Committee and mediator. This figure illustrates the mechanisms of committee and mediator. The figure shows some sampled nodes in different versions of graphs brought by the base model and the committee. In each row, the two red nodes are candidate pairs. The pair in the first row is classified as positive by the mediator, while the pair in the second row is considered as negative. The committee provides diverse opinions on “relationship”,“affinity”, and “local structure”. The“local structure” is represented as the distribution of first-order (red edges) and second-order (orange edges) neighbors. Note that the figure only shows the “local structure” centered on one of the two nodes (the node with double circles). (Color figure online)

As illustrated in Fig. 2, given a pair of nodes extracted from the base model’s graph, the committee members provide diverse opinions to the relationships, the affinity and the local structures, due to their nature of heterogeneity. From these diverse opinions, we seek to find a consent through a mediator in the next step.

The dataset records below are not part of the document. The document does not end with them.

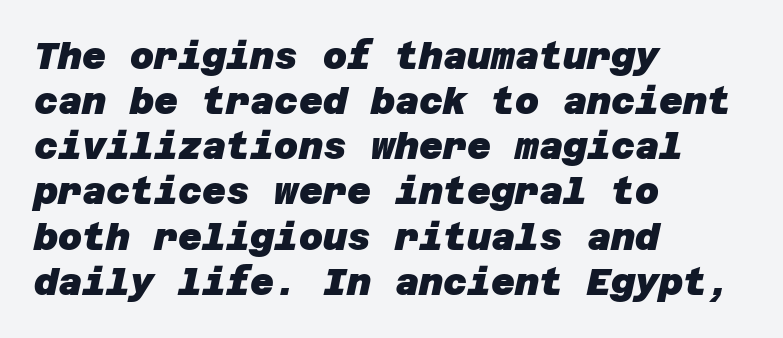
The image shows 37 px heavy sans-serif type; set left-aligned, line spacing 1.22x, normal letter spacing, not underlined; low stroke contrast and a large x-height.
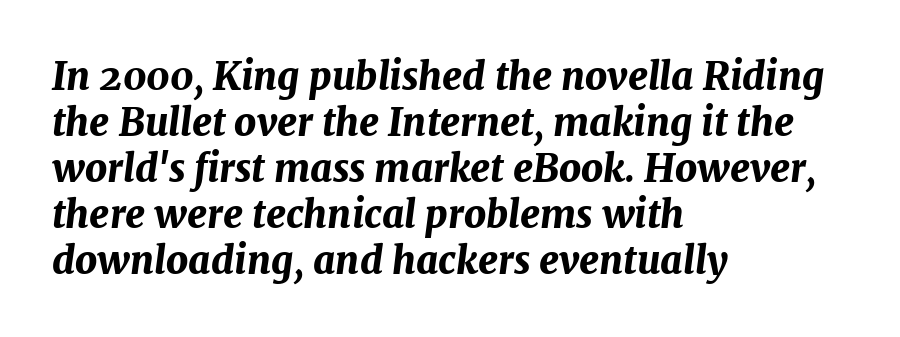
Q: Is the text bold? A: Yes.
Q: Is the text italic (slanted)? A: Yes, it leans right by about 7 degrees.
Q: Is the text underlined? A: No.
Q: How is the paragraph aligned? A: Left-aligned.
Q: Is the spacing between letters normal or unusually wide? A: Normal.
Q: Width (condensed, normal, or wide)? A: Normal.
Q: Stroke contrast? A: Medium.
Q: x-height? A: Medium.
Q: Monospaced? A: No.
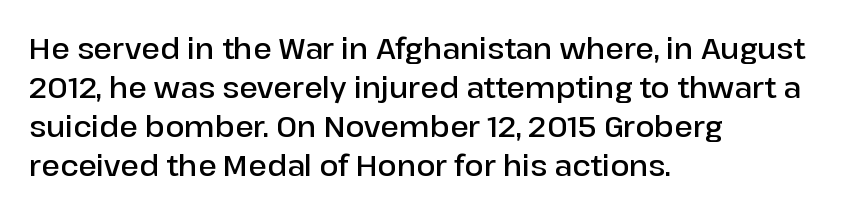
The image shows 28 px semibold sans-serif type, upright; set left-aligned, normal line spacing (1.39x), normal letter spacing, not underlined; low stroke contrast and a medium x-height.

iii. Aggregate Opinions via Mediator. The role of a mediator is to aggregate and convey committee members’ opinions for pair selection. We formulate the mediator as a Multi-Layer Perceptron (MLP) classifier albeit other types of classifier are applicable. Recall that all pairs extracted from the base model’s graph constitute the candidates. The mediator shall re-weight the opinions of the committee members and make a final decision by assigning a probability to each pair to indicate if a pair shares the same identity, i.e., positive, or have different identities, i.e., negative.

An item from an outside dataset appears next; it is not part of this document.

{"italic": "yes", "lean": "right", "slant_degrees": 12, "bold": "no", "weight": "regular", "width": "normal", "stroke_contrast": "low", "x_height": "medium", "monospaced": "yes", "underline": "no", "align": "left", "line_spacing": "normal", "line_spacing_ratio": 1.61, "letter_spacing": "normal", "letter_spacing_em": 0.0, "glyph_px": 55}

The input to the mediator for each pair \(\left( n_0, n_1\right) \) is a concatenated vector containing three parts (here we denote B as \(C_0\) for simplicity of notation):

  1. (1)

    “relationship vector” \(I_R\in \mathbb {R}^{N}\): \(I_R = \left( \dots R_{C_i}^{\left( n_0, n_1\right) }\dots \right) , i=1,2,\dots ,N\), from the committee.

  2. (2)

    “affinity vector” \(I_A\in \mathbb {R}^{N+1}\): \(I_A = \left( \dots A_{C_i}^{\left( n_0, n_1\right) }\dots \right) , i=0,1,2,\dots ,N,\) from both the base model and the committee.

  3. (3)

    “neighbors distribution vector” including“mean vector” \(I_{D_{mean}}\in \mathbb {R}^{2\left( N+1\right) }\) and “variance vector” \(I_{D_{var}}\in \mathbb {R}^{2\left( N+1\right) }\):

    $$\begin{aligned} \begin{aligned}&I_{D_{mean}} = \left( \dots E\left( D_{C_i}^{n_0}\right) \dots ~,~ \dots E\left( D_{C_i}^{n_1}\right) \dots \right) , i=0,1,2,\dots ,N, \\&I_{D_{var}} = \left( \dots \sigma \left( D_{C_i}^{n_0}\right) \dots ~,~ \dots \sigma \left( D_{C_i}^{n_1}\right) \dots \right) , i=0,1,2,\dots ,N, \end{aligned} \end{aligned}$$
    (4)

    from both the base model and the committee for each node.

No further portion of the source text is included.